*Supplied information*
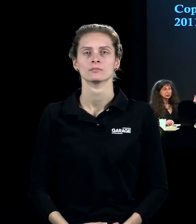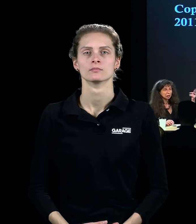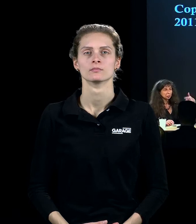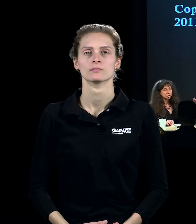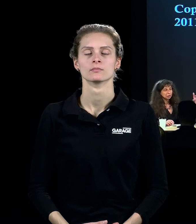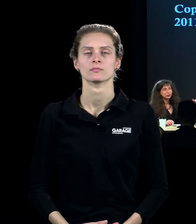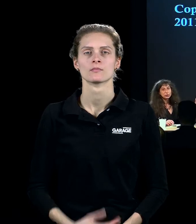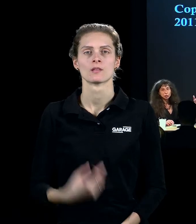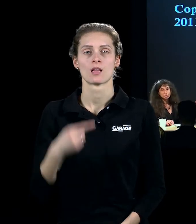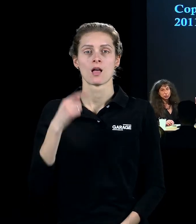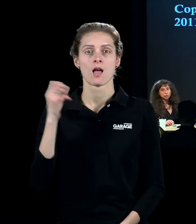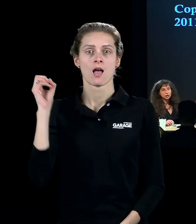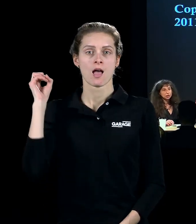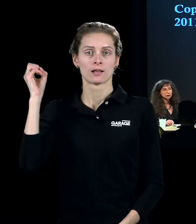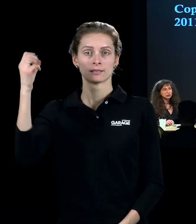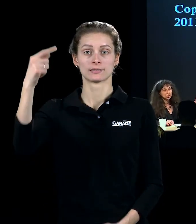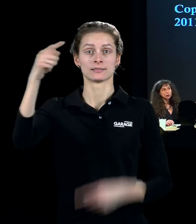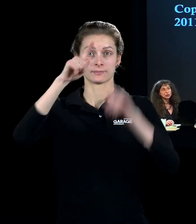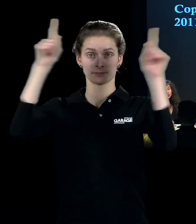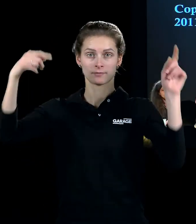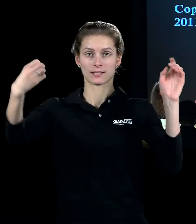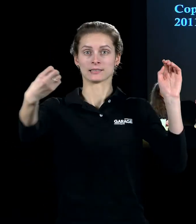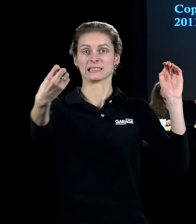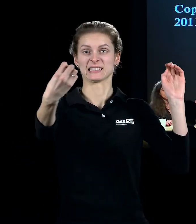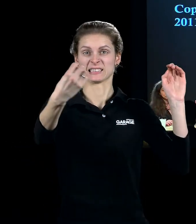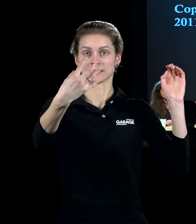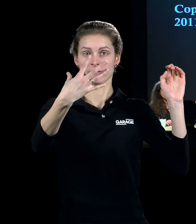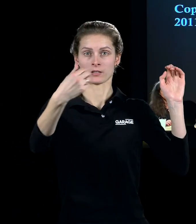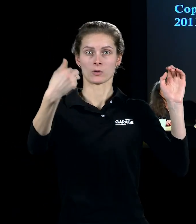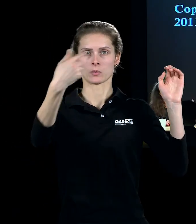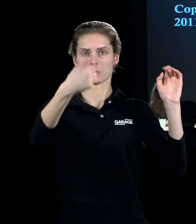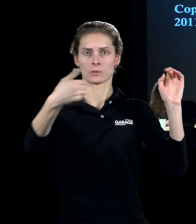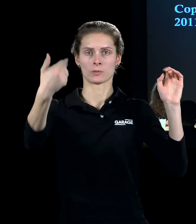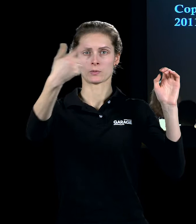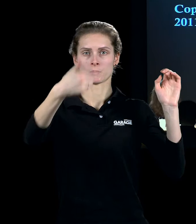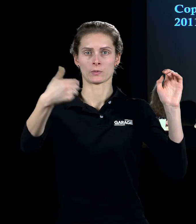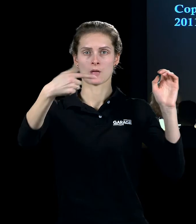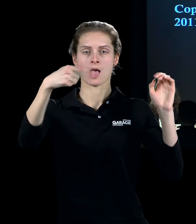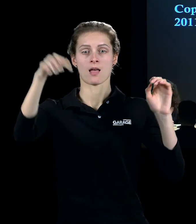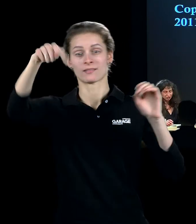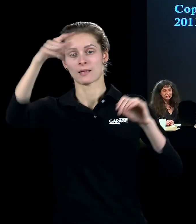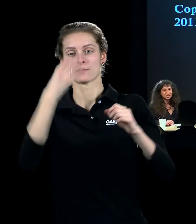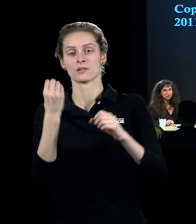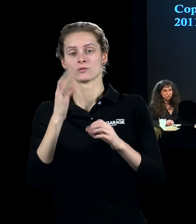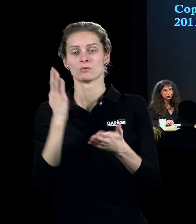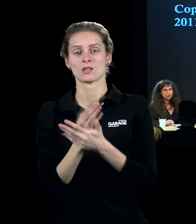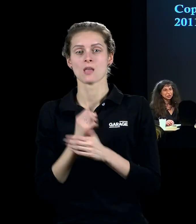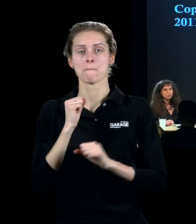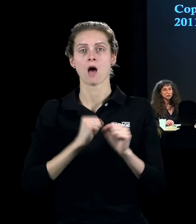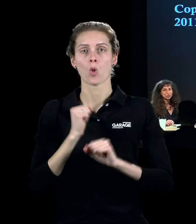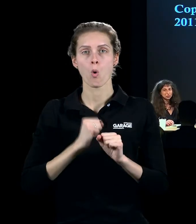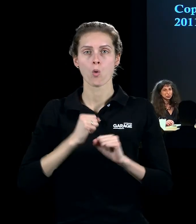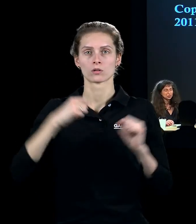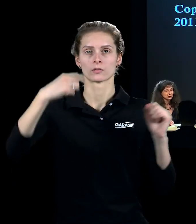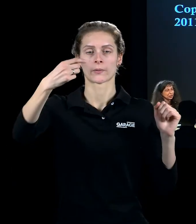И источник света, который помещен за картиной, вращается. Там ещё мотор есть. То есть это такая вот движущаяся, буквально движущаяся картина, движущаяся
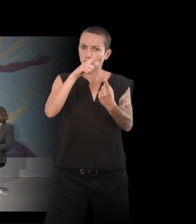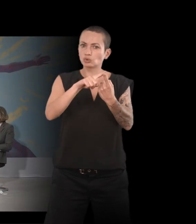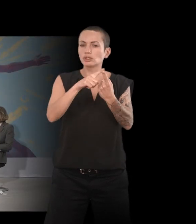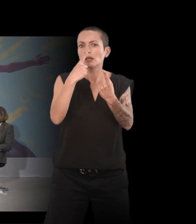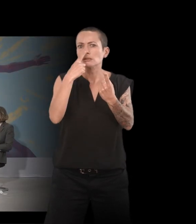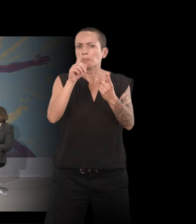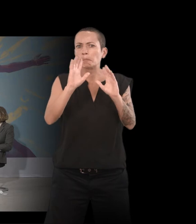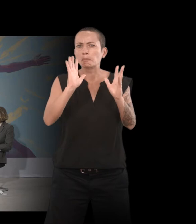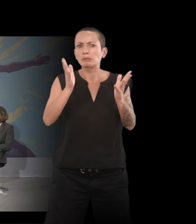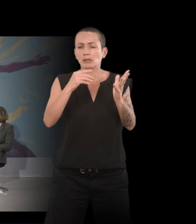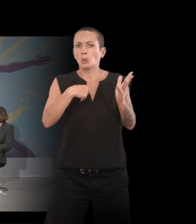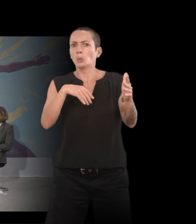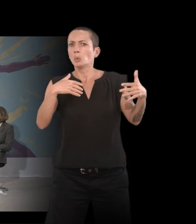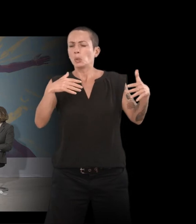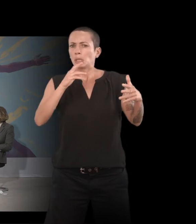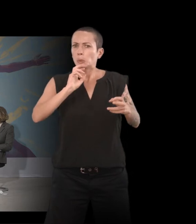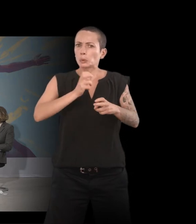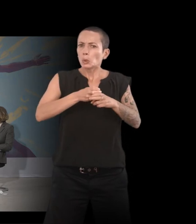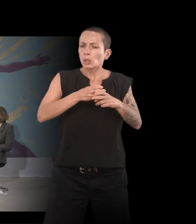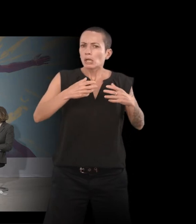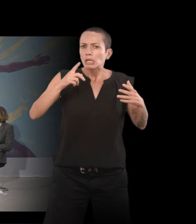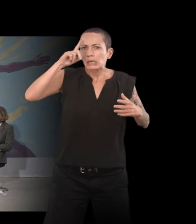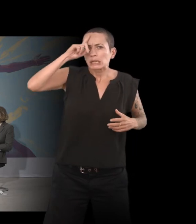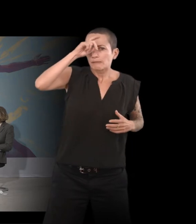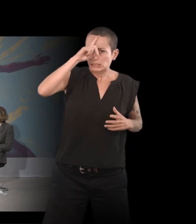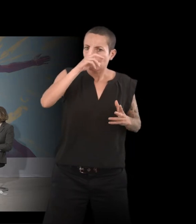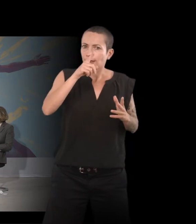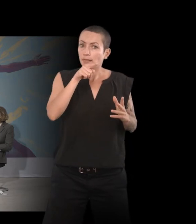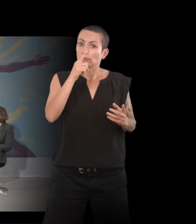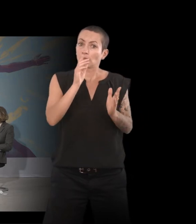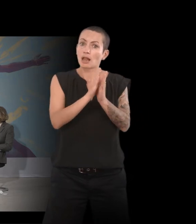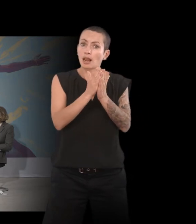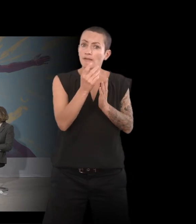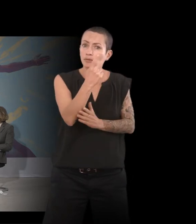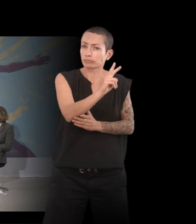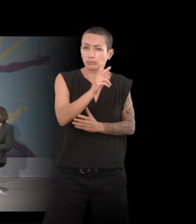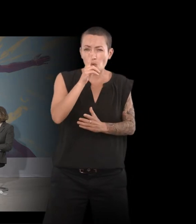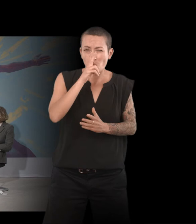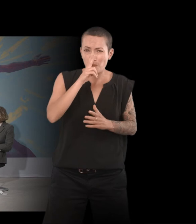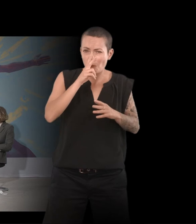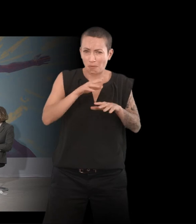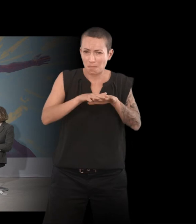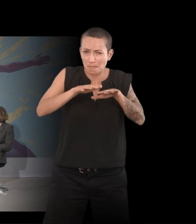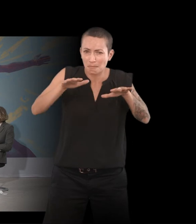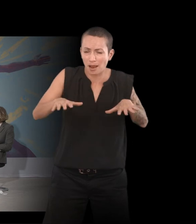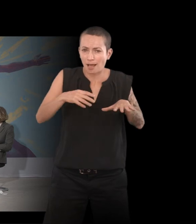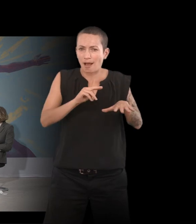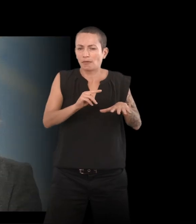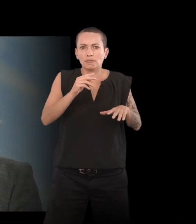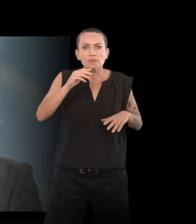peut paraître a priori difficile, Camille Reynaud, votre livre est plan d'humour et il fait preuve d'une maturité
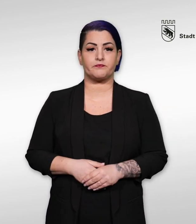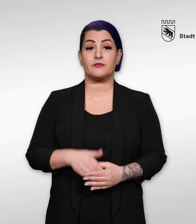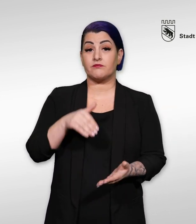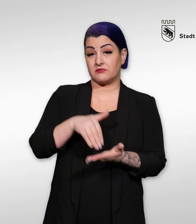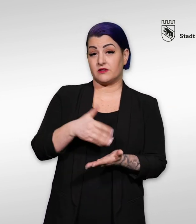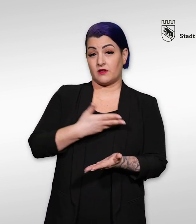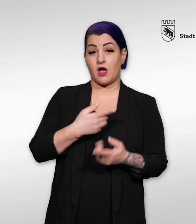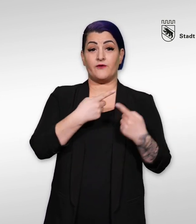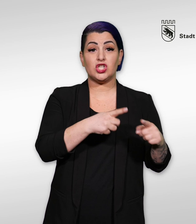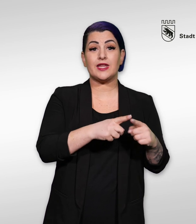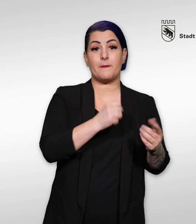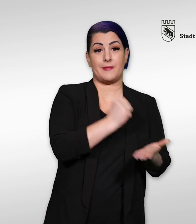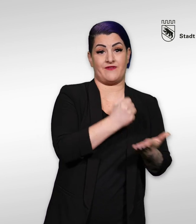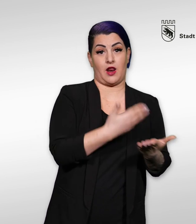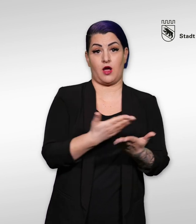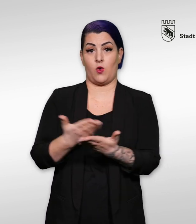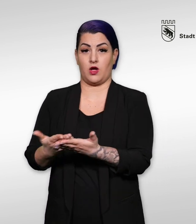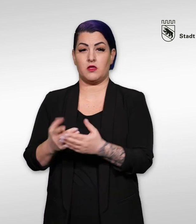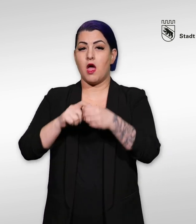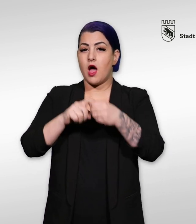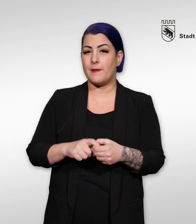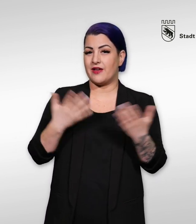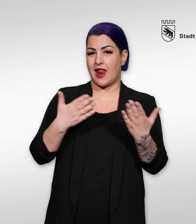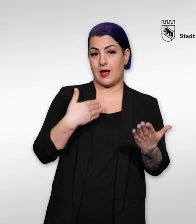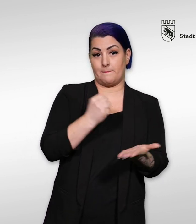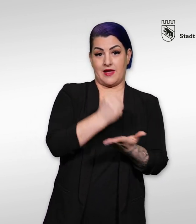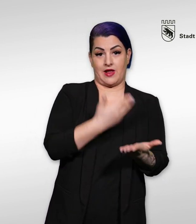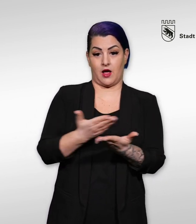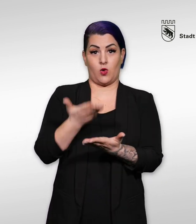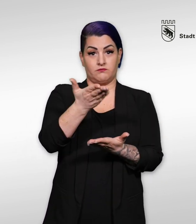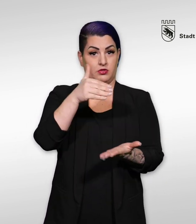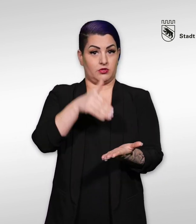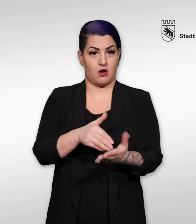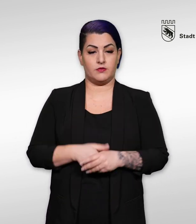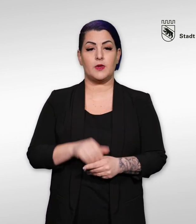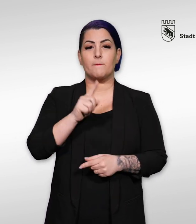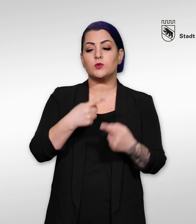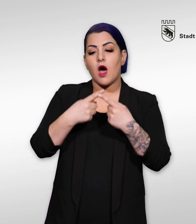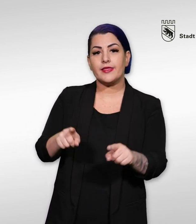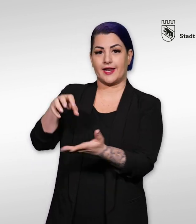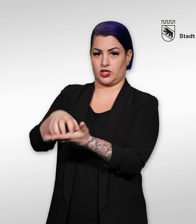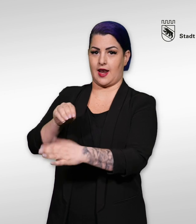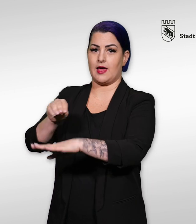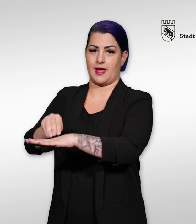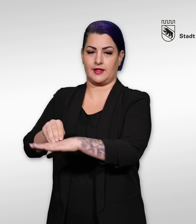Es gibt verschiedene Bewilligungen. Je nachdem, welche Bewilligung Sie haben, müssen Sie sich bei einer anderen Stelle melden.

*What is expected*
Only the lines from the beginning of the listing up to and including the line with "peut paraître a" should appear in the reply, copied word for word and free of pictures.

*Answer space*
И источник света, который помещен за картиной, вращается. Там ещё мотор есть. То есть это такая вот движущаяся, буквально движущаяся картина, движущаяся
peut paraître a priori difficile, Camille Reynaud, votre livre est plan d'humour et il fait preuve d'une maturité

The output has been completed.